§ **Instructions to follow**: A complete answer retypes each of the records below precisely and includes none of the pictures.

§ **Source data**:
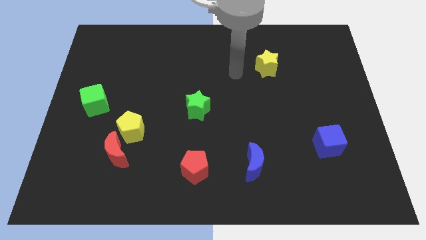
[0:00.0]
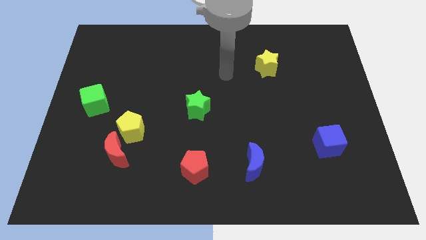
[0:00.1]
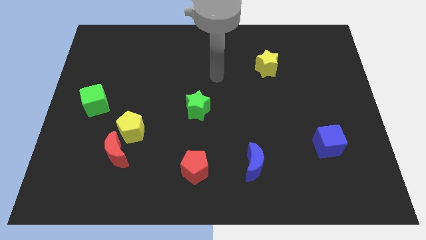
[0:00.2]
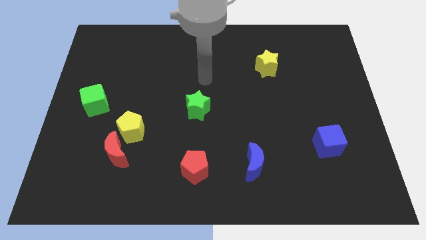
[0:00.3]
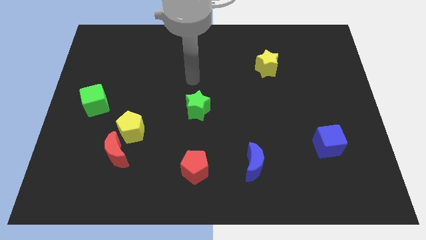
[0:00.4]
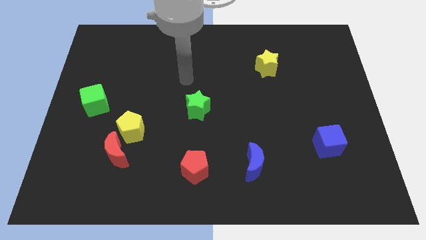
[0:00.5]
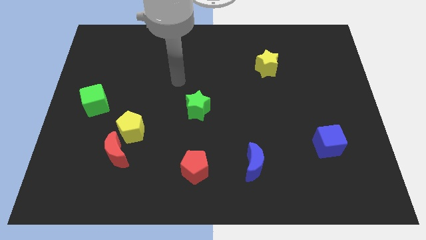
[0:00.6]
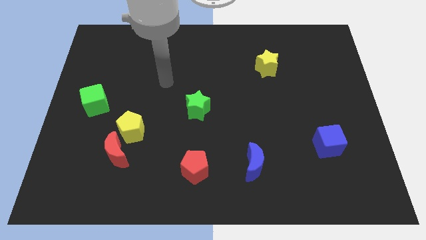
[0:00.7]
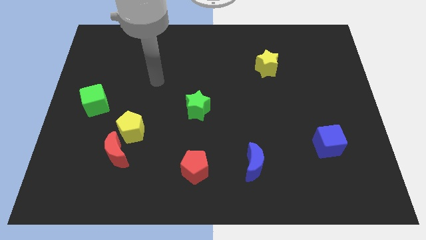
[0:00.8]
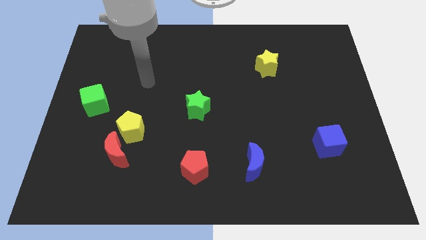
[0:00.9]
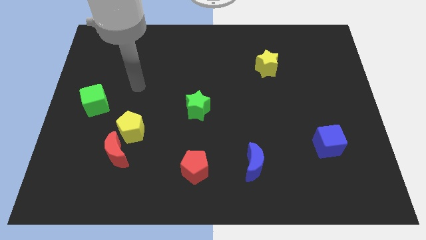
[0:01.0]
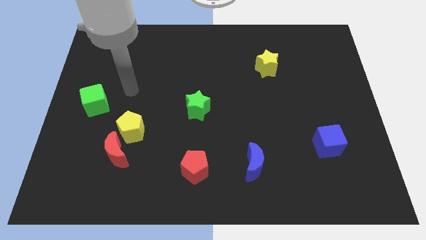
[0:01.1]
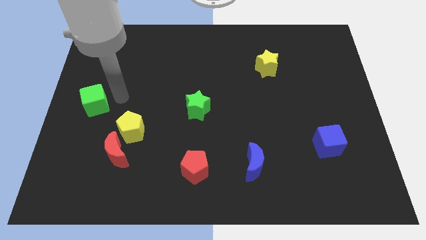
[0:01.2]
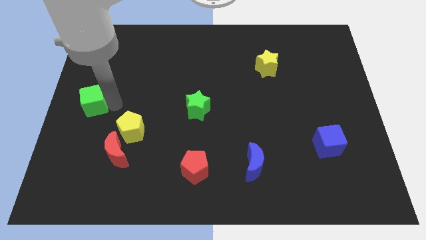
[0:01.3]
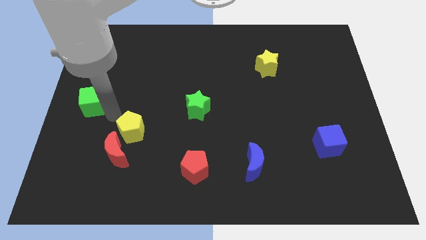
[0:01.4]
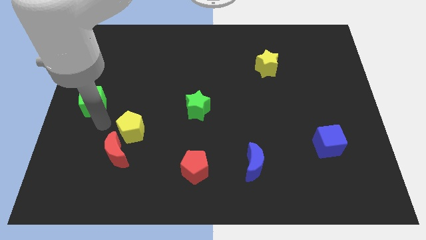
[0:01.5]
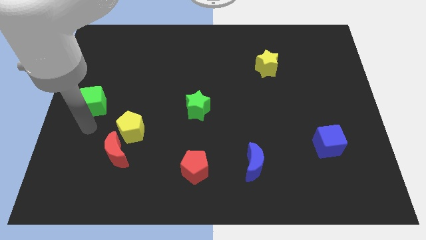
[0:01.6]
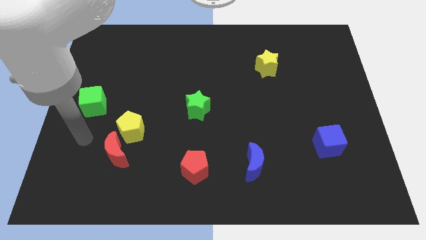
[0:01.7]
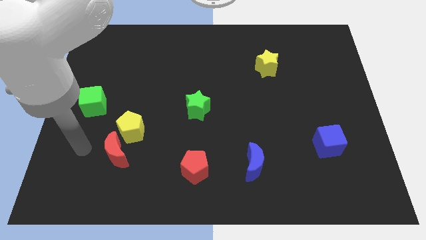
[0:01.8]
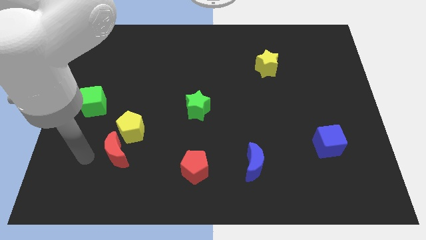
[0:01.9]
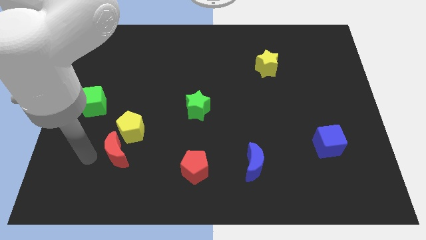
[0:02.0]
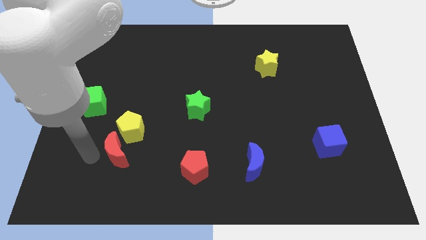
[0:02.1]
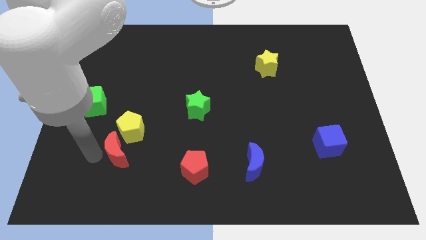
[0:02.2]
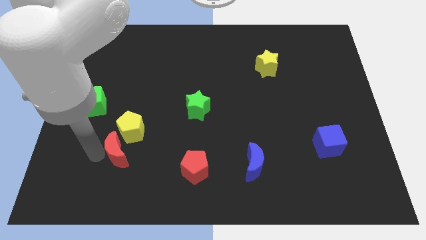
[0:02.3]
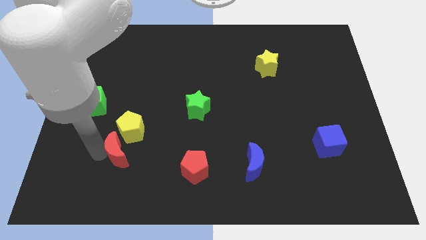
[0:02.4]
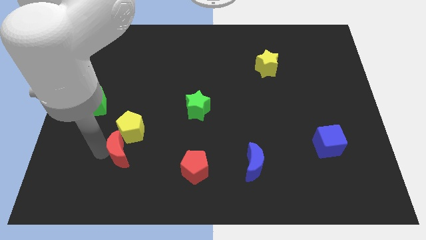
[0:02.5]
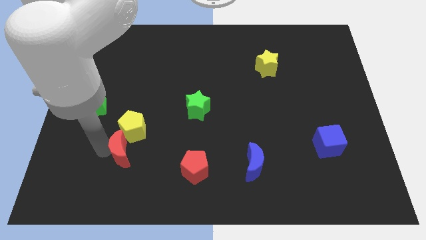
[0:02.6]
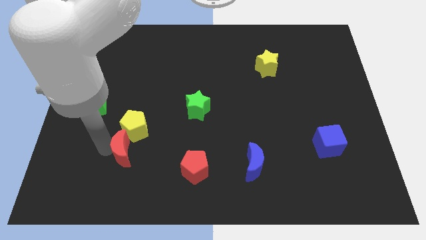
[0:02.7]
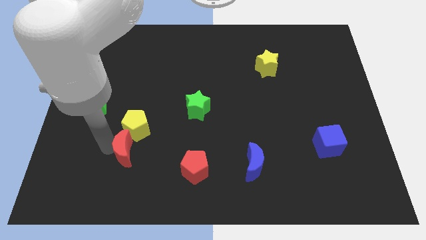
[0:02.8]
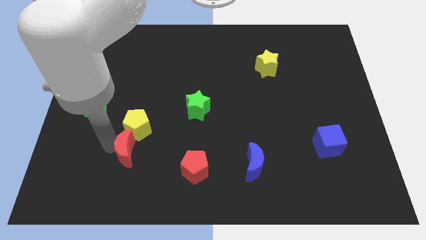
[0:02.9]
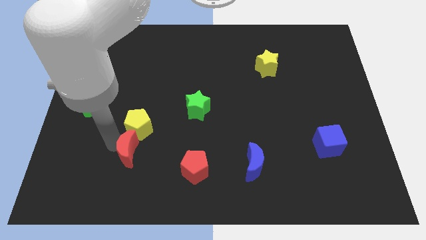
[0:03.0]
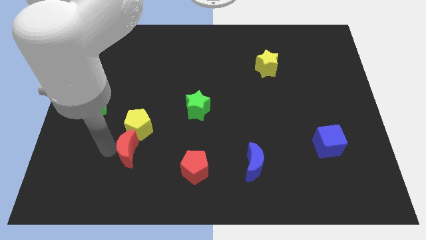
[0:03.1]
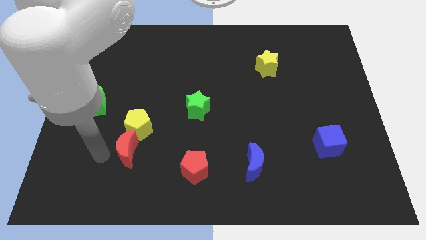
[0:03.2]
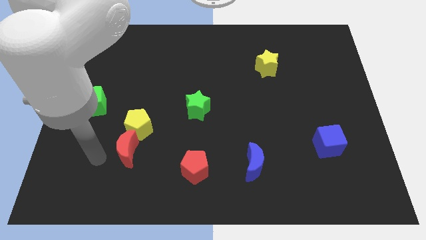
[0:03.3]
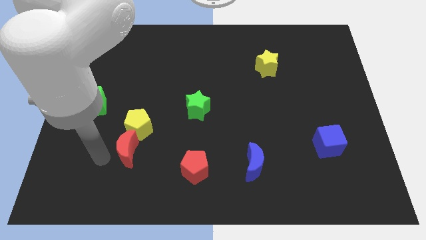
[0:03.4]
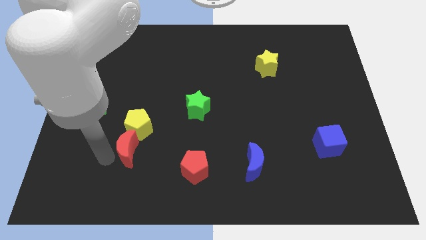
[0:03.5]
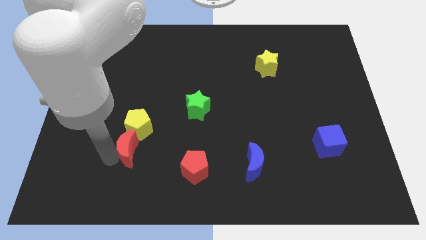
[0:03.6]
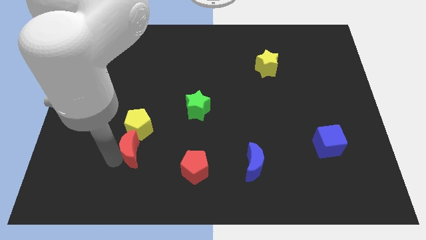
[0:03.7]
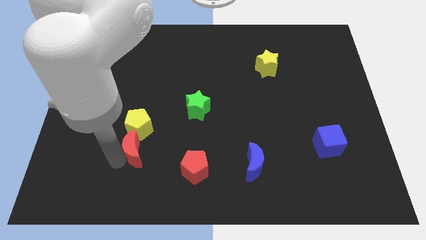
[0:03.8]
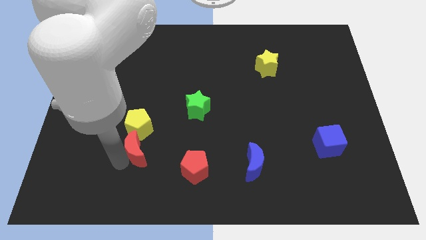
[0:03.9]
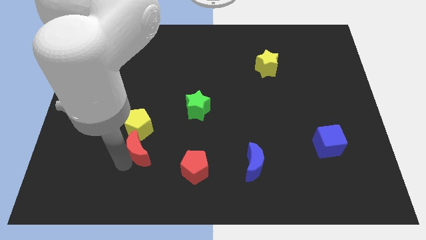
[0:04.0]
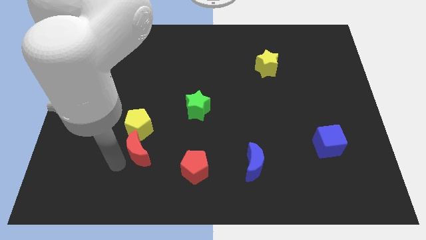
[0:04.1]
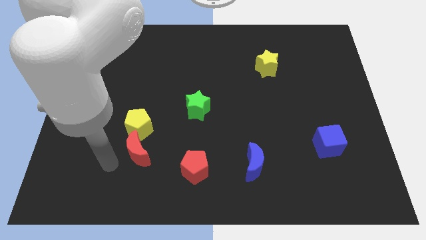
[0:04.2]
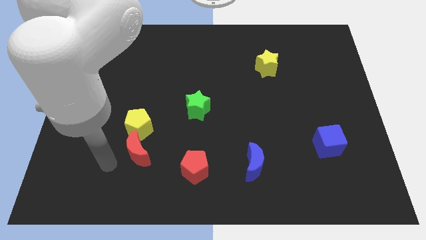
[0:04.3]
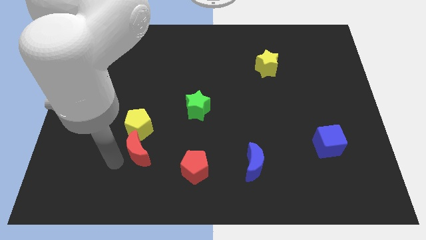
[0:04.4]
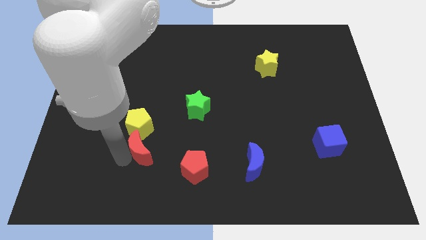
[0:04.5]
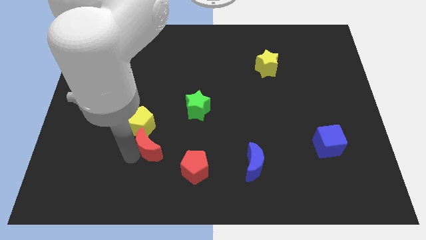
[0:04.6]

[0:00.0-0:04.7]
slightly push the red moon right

§ **Response**:
[0:00.0]
[0:00.1]
[0:00.2]
[0:00.3]
[0:00.4]
[0:00.5]
[0:00.6]
[0:00.7]
[0:00.8]
[0:00.9]
[0:01.0]
[0:01.1]
[0:01.2]
[0:01.3]
[0:01.4]
[0:01.5]
[0:01.6]
[0:01.7]
[0:01.8]
[0:01.9]
[0:02.0]
[0:02.1]
[0:02.2]
[0:02.3]
[0:02.4]
[0:02.5]
[0:02.6]
[0:02.7]
[0:02.8]
[0:02.9]
[0:03.0]
[0:03.1]
[0:03.2]
[0:03.3]
[0:03.4]
[0:03.5]
[0:03.6]
[0:03.7]
[0:03.8]
[0:03.9]
[0:04.0]
[0:04.1]
[0:04.2]
[0:04.3]
[0:04.4]
[0:04.5]
[0:04.6]

[0:00.0-0:04.7]
slightly push the red moon right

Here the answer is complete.